Actuellement, La maladie de Verneuil, terriblement invalidante, est peu connue des professionnels de santé. Elle est aussi non reconnue par les organismes spécialisés dans le handicap.
La fréquence de la maladie de Verneuil dans la population est mal connue, on estime qu’elle atteint entre 1 et 4 % de la population (environ 1 cas pour 300 habitants).
Elle apparaît généralement après la puberté, entre 20 et 30 ans, avec une prédominance féminine de trois femmes pour un homme atteint.
La maladie de Verneuil commence par l’apparition d’un nodule (grosseur anormale) ferme, souvent violacé et peu douloureux au niveau des glandes apocrines.
Ce nodule peut disparaître spontanément, ou persister et évoluer vers une infection avec suppuration avec la formation d’un abcès douloureux pouvant se rompre, pour laisser place à un ou plusieurs orifices suppurants.
Il peut également cicatriser “en pattes de crabes”, c’est-à-dire des cicatrices prenant un aspect rétractile caractéristique.
Les zones les plus fréquemment touchées sont :
• Les aisselles (26% des cas).
• La région ano-périnéale (20% des cas), avec des localisations principalement au niveau des plis de l’aine, du plis interfessier, du scrotum ou du pubis.

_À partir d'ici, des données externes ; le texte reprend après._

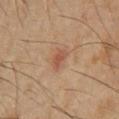• biopsy status — imaged on a skin check; not biopsied
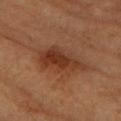Notes:
• workup — no biopsy performed (imaged during a skin exam)
• TBP lesion metrics — a footprint of about 13 mm², an outline eccentricity of about 0.9 (0 = round, 1 = elongated), and two-axis asymmetry of about 0.3; a mean CIELAB color near L≈35 a*≈23 b*≈31, about 10 CIELAB-L* units darker than the surrounding skin, and a normalized border contrast of about 8.5; an automated nevus-likeness rating near 85 out of 100 and a lesion-detection confidence of about 100/100
• patient — female, in their mid-60s
• lighting — cross-polarized illumination
• lesion size — about 6 mm
• site — the arm
• image — ~15 mm crop, total-body skin-cancer survey
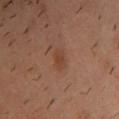Part of a total-body skin-imaging series; this lesion was reviewed on a skin check and was not flagged for biopsy.
The subject is a male aged 38 to 42.
Approximately 3 mm at its widest.
From the upper back.
A 15 mm crop from a total-body photograph taken for skin-cancer surveillance.
Imaged with cross-polarized lighting.
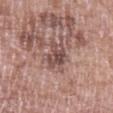Captured under white-light illumination. A 15 mm crop from a total-body photograph taken for skin-cancer surveillance. Approximately 4.5 mm at its widest. A female subject, approximately 70 years of age. The lesion-visualizer software estimated a border-irregularity rating of about 4.5/10 and a peripheral color-asymmetry measure near 2. The lesion is on the left upper arm.
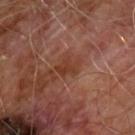Q: Was this lesion biopsied?
A: catalogued during a skin exam; not biopsied
Q: What are the patient's age and sex?
A: male, aged approximately 60
Q: Where on the body is the lesion?
A: the chest
Q: What did automated image analysis measure?
A: a mean CIELAB color near L≈36 a*≈23 b*≈29, roughly 7 lightness units darker than nearby skin, and a lesion-to-skin contrast of about 6.5 (normalized; higher = more distinct); border irregularity of about 4 on a 0–10 scale, a within-lesion color-variation index near 2/10, and peripheral color asymmetry of about 0.5; an automated nevus-likeness rating near 0 out of 100 and a lesion-detection confidence of about 100/100
Q: Illumination type?
A: cross-polarized illumination
Q: How was this image acquired?
A: 15 mm crop, total-body photography
Q: How large is the lesion?
A: ~2.5 mm (longest diameter)
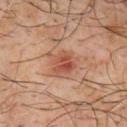Clinical impression:
This lesion was catalogued during total-body skin photography and was not selected for biopsy.
Background:
A roughly 15 mm field-of-view crop from a total-body skin photograph. The tile uses cross-polarized illumination. A male subject roughly 65 years of age. The lesion's longest dimension is about 3.5 mm. The lesion is on the upper back.
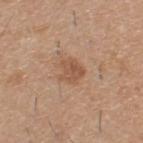| feature | finding |
|---|---|
| notes | catalogued during a skin exam; not biopsied |
| lesion size | ~3 mm (longest diameter) |
| acquisition | 15 mm crop, total-body photography |
| illumination | white-light |
| patient | male, roughly 60 years of age |
| body site | the upper back |
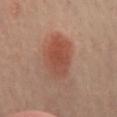Q: Is there a histopathology result?
A: catalogued during a skin exam; not biopsied
Q: What kind of image is this?
A: 15 mm crop, total-body photography
Q: What is the lesion's diameter?
A: ≈6 mm
Q: How was the tile lit?
A: cross-polarized illumination
Q: What did automated image analysis measure?
A: a lesion area of about 16 mm², an eccentricity of roughly 0.8, and a shape-asymmetry score of about 0.15 (0 = symmetric); a lesion color around L≈50 a*≈25 b*≈30 in CIELAB, a lesion–skin lightness drop of about 9, and a lesion-to-skin contrast of about 7.5 (normalized; higher = more distinct); an automated nevus-likeness rating near 100 out of 100 and lesion-presence confidence of about 100/100
Q: Where on the body is the lesion?
A: the abdomen
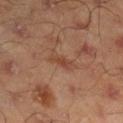{"biopsy_status": "not biopsied; imaged during a skin examination", "image": {"source": "total-body photography crop", "field_of_view_mm": 15}, "lesion_size": {"long_diameter_mm_approx": 2.5}, "patient": {"sex": "male", "age_approx": 45}, "site": "right lower leg"}
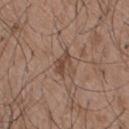Imaged during a routine full-body skin examination; the lesion was not biopsied and no histopathology is available.
A male patient aged 48–52.
On the upper back.
A 15 mm close-up extracted from a 3D total-body photography capture.
Approximately 3 mm at its widest.
This is a white-light tile.
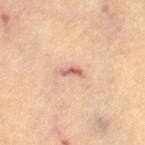A roughly 15 mm field-of-view crop from a total-body skin photograph. From the leg. A female patient aged 63–67.
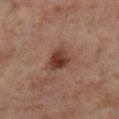Q: Was this lesion biopsied?
A: total-body-photography surveillance lesion; no biopsy
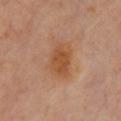Q: Was a biopsy performed?
A: total-body-photography surveillance lesion; no biopsy
Q: How large is the lesion?
A: ≈4.5 mm
Q: Where on the body is the lesion?
A: the chest
Q: What kind of image is this?
A: ~15 mm crop, total-body skin-cancer survey
Q: Patient demographics?
A: female, aged 58 to 62
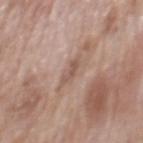Findings:
• subject · male, roughly 70 years of age
• illumination · white-light illumination
• acquisition · total-body-photography crop, ~15 mm field of view
• lesion size · about 2.5 mm
• body site · the mid back
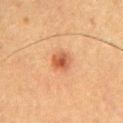{"biopsy_status": "not biopsied; imaged during a skin examination", "site": "chest", "lighting": "cross-polarized", "lesion_size": {"long_diameter_mm_approx": 3.0}, "image": {"source": "total-body photography crop", "field_of_view_mm": 15}, "patient": {"sex": "male", "age_approx": 50}}
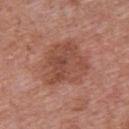The lesion-visualizer software estimated a mean CIELAB color near L≈48 a*≈24 b*≈28, a lesion–skin lightness drop of about 9, and a normalized lesion–skin contrast near 6.5. And it measured a border-irregularity rating of about 3/10 and peripheral color asymmetry of about 2. It also reported a classifier nevus-likeness of about 10/100 and a detector confidence of about 100 out of 100 that the crop contains a lesion. From the upper back. Approximately 6 mm at its widest. Cropped from a total-body skin-imaging series; the visible field is about 15 mm. A female patient, aged around 40.
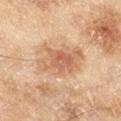Imaged during a routine full-body skin examination; the lesion was not biopsied and no histopathology is available. Approximately 6.5 mm at its widest. From the right lower leg. A region of skin cropped from a whole-body photographic capture, roughly 15 mm wide. The patient is a female approximately 60 years of age. Imaged with cross-polarized lighting.
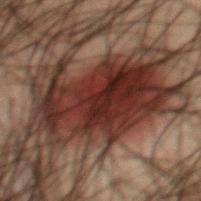Part of a total-body skin-imaging series; this lesion was reviewed on a skin check and was not flagged for biopsy. A male patient, roughly 50 years of age. From the mid back. Cropped from a whole-body photographic skin survey; the tile spans about 15 mm.
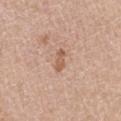Part of a total-body skin-imaging series; this lesion was reviewed on a skin check and was not flagged for biopsy. Automated image analysis of the tile measured a within-lesion color-variation index near 0.5/10 and radial color variation of about 0. The lesion is on the right thigh. A roughly 15 mm field-of-view crop from a total-body skin photograph. Approximately 3 mm at its widest. Captured under white-light illumination. A female subject aged approximately 70.
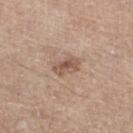biopsy status: imaged on a skin check; not biopsied | location: the left lower leg | imaging modality: 15 mm crop, total-body photography | patient: male, approximately 75 years of age | size: ~3 mm (longest diameter) | tile lighting: white-light.
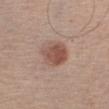biopsy status — catalogued during a skin exam; not biopsied | lesion size — ~4 mm (longest diameter) | site — the right upper arm | acquisition — ~15 mm tile from a whole-body skin photo | patient — male, in their mid- to late 50s.
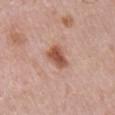No biopsy was performed on this lesion — it was imaged during a full skin examination and was not determined to be concerning. A 15 mm close-up tile from a total-body photography series done for melanoma screening. The lesion-visualizer software estimated a lesion color around L≈54 a*≈24 b*≈30 in CIELAB, a lesion–skin lightness drop of about 13, and a normalized border contrast of about 9.5. The tile uses white-light illumination. The lesion is on the chest. A male patient aged around 80.
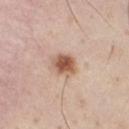Clinical impression: The lesion was photographed on a routine skin check and not biopsied; there is no pathology result. Clinical summary: The lesion is located on the chest. Cropped from a whole-body photographic skin survey; the tile spans about 15 mm. A male patient, in their mid-40s. The recorded lesion diameter is about 3 mm. The tile uses white-light illumination.
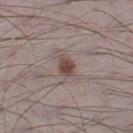notes — total-body-photography surveillance lesion; no biopsy | location — the right lower leg | patient — male, aged approximately 70 | imaging modality — total-body-photography crop, ~15 mm field of view | illumination — white-light illumination.
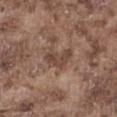The lesion was tiled from a total-body skin photograph and was not biopsied. An algorithmic analysis of the crop reported an area of roughly 6 mm², an outline eccentricity of about 0.75 (0 = round, 1 = elongated), and a symmetry-axis asymmetry near 0.55. And it measured a mean CIELAB color near L≈44 a*≈18 b*≈25 and a lesion-to-skin contrast of about 7.5 (normalized; higher = more distinct). A region of skin cropped from a whole-body photographic capture, roughly 15 mm wide. The lesion is on the abdomen. A male subject, aged 73 to 77.
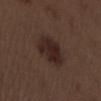Background:
This is a white-light tile. The lesion-visualizer software estimated a footprint of about 12 mm², an outline eccentricity of about 0.6 (0 = round, 1 = elongated), and two-axis asymmetry of about 0.15. It also reported border irregularity of about 2 on a 0–10 scale, a color-variation rating of about 3.5/10, and radial color variation of about 1. The analysis additionally found a nevus-likeness score of about 80/100 and a detector confidence of about 100 out of 100 that the crop contains a lesion. The lesion is on the left upper arm. The subject is a male about 70 years old. A close-up tile cropped from a whole-body skin photograph, about 15 mm across.
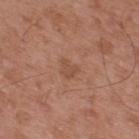Background:
A male patient, aged approximately 55. From the back. Approximately 2.5 mm at its widest. Cropped from a whole-body photographic skin survey; the tile spans about 15 mm.
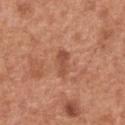follow-up: total-body-photography surveillance lesion; no biopsy
TBP lesion metrics: a footprint of about 4 mm² and an outline eccentricity of about 0.9 (0 = round, 1 = elongated); a lesion color around L≈51 a*≈26 b*≈32 in CIELAB, a lesion–skin lightness drop of about 9, and a normalized border contrast of about 6.5; an automated nevus-likeness rating near 0 out of 100 and lesion-presence confidence of about 100/100
illumination: white-light
acquisition: total-body-photography crop, ~15 mm field of view
lesion size: ~3 mm (longest diameter)
location: the front of the torso
subject: male, aged 63–67
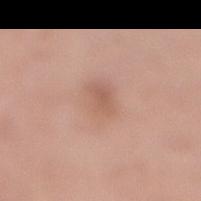Q: Is there a histopathology result?
A: total-body-photography surveillance lesion; no biopsy
Q: What is the imaging modality?
A: total-body-photography crop, ~15 mm field of view
Q: Where on the body is the lesion?
A: the right lower leg
Q: What did automated image analysis measure?
A: a border-irregularity rating of about 1.5/10, a within-lesion color-variation index near 4/10, and a peripheral color-asymmetry measure near 1.5
Q: What lighting was used for the tile?
A: white-light
Q: How large is the lesion?
A: ~4 mm (longest diameter)
Q: What are the patient's age and sex?
A: female, aged 53 to 57
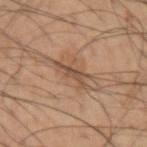{
  "biopsy_status": "not biopsied; imaged during a skin examination",
  "patient": {
    "sex": "male",
    "age_approx": 55
  },
  "site": "left upper arm",
  "image": {
    "source": "total-body photography crop",
    "field_of_view_mm": 15
  }
}
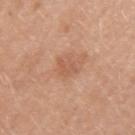Imaged during a routine full-body skin examination; the lesion was not biopsied and no histopathology is available. Captured under white-light illumination. A lesion tile, about 15 mm wide, cut from a 3D total-body photograph. The recorded lesion diameter is about 2.5 mm. The patient is a female aged 38 to 42. The lesion is located on the left upper arm.
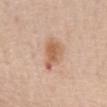Context:
A female subject, aged 68 to 72. Located on the chest. The total-body-photography lesion software estimated an eccentricity of roughly 0.7 and a shape-asymmetry score of about 0.3 (0 = symmetric). It also reported a border-irregularity index near 3/10 and a peripheral color-asymmetry measure near 1. This image is a 15 mm lesion crop taken from a total-body photograph. The recorded lesion diameter is about 4 mm.
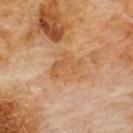The lesion was photographed on a routine skin check and not biopsied; there is no pathology result.
A roughly 15 mm field-of-view crop from a total-body skin photograph.
This is a cross-polarized tile.
From the chest.
The lesion's longest dimension is about 4 mm.
An algorithmic analysis of the crop reported a shape eccentricity near 0.7 and two-axis asymmetry of about 0.4. The software also gave roughly 6 lightness units darker than nearby skin and a lesion-to-skin contrast of about 6 (normalized; higher = more distinct).
The subject is a male aged 58 to 62.
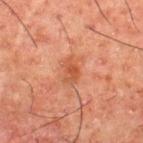Recorded during total-body skin imaging; not selected for excision or biopsy.
Imaged with cross-polarized lighting.
The subject is a male aged 48–52.
The lesion's longest dimension is about 3 mm.
Automated tile analysis of the lesion measured a lesion color around L≈42 a*≈24 b*≈30 in CIELAB and about 7 CIELAB-L* units darker than the surrounding skin. It also reported a classifier nevus-likeness of about 0/100 and a lesion-detection confidence of about 100/100.
A 15 mm close-up extracted from a 3D total-body photography capture.
The lesion is located on the upper back.
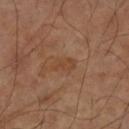<case>
<biopsy_status>not biopsied; imaged during a skin examination</biopsy_status>
<site>right upper arm</site>
<image>
  <source>total-body photography crop</source>
  <field_of_view_mm>15</field_of_view_mm>
</image>
<lesion_size>
  <long_diameter_mm_approx>2.5</long_diameter_mm_approx>
</lesion_size>
<lighting>cross-polarized</lighting>
<patient>
  <sex>male</sex>
  <age_approx>60</age_approx>
</patient>
</case>
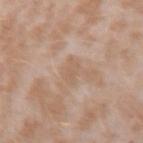{"site": "right forearm", "automated_metrics": {"area_mm2_approx": 3.0, "eccentricity": 0.8, "shape_asymmetry": 0.35, "cielab_L": 59, "cielab_a": 17, "cielab_b": 30, "vs_skin_darker_L": 6.0, "vs_skin_contrast_norm": 4.5, "nevus_likeness_0_100": 0, "lesion_detection_confidence_0_100": 100}, "image": {"source": "total-body photography crop", "field_of_view_mm": 15}, "lesion_size": {"long_diameter_mm_approx": 2.5}, "lighting": "white-light", "patient": {"sex": "female", "age_approx": 25}}
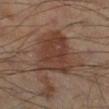biopsy status = total-body-photography surveillance lesion; no biopsy | lighting = cross-polarized illumination | imaging modality = total-body-photography crop, ~15 mm field of view | location = the right lower leg | subject = male, in their mid- to late 50s | diameter = ~6 mm (longest diameter).

• La région rétroauriculaire (l’arrière des oreilles) dans 6% des cas.
• Les mamelons (4% des cas).
Chez la femme, les aisselles sont le plus habituellement touchées alors que chez l’homme, c’est la zone ano-périnéale.
Les complications de la maladie de Verneuil
Les complications de la maladie de Verneuil sont généralement dues aux infections et abcès causés par les bactéries (streptocoque, staphylocoque…), cependant il n’existe aucun risque de septicémie (infection généralisée au niveau du sang et potentiellement mortelle).
Lorsque l’infection gagne en profondeur, on observe des fistules (communication anormale entre une cavité ou un organe et un autre).
La maladie peut également être à l’origine d’une amylose.
Le risque de cancérisation existe, mais il reste exceptionnel et apparaît après une très longue évolution de la maladie (généralement plus de 20 ans).
La maladie de Verneuil s’accompagne de conséquences importantes sur la mobilité,
la vie quotidienne, la pratique des loisirs ou du travail.
La qualité de vie des patients est majoritairement très impactée par cette maladie dermatologique.
Le diagnostic
Le diagnostic repose sur l’histoire de la maladie et la visualisation des lésions à l’examen clinique.
Malheureusement, le diagnostic n’est quasiment jamais fait à la phase initiale,
car les symptômes peuvent être discrets et la maladie encore peu connue.
Au stade précoce, elle est souvent confondue avec de simples poils incarnés,
une furonculose ou de l’acné sévère.
Il existe très fréquemment un retard de diagnostic malgré la souffrance des patients.
Cependant, à un stade avancé, le diagnostic est plus évident pour un médecin entraîné.
Comment la soigner
Les antibiotiques vont permettent de stopper une poussée en traitant l’infection intercurrente, mais ils n’empêchent ni les récidives, ni les autres poussées,
ni la suppuration.
L’arrêt du tabac reste important pour permettre une meilleure cicatrisation des lésions, toutefois l’effet du sevrage sur l’évolution de la maladie n’a pas été démontré.
Le seul traitement efficace dans la maladie de Verneuil est la chirurgie.
L’intervention nécessite la suppression (ablation) complète des tissus malades et peut parfois exiger un sacrifice cutané important.
En fonction de la taille et de la localisation, il peut être nécessaire de réaliser plusieurs interventions chirurgicales pour la même localisation.
Après l’intervention, la plaie est généralement laissée ouverte et demande des soins réguliers jusqu’à la fin de la cicatrisation.
Le processus de cicatrisation peut prendre entre six semaines et quatre mois selon l’importance et l’étendue des lésions.
Après un traitement chirurgical, il n’y a normalement pas de récidive au niveau des lésions excisées, cependant de nouvelles localisations peuvent apparaître.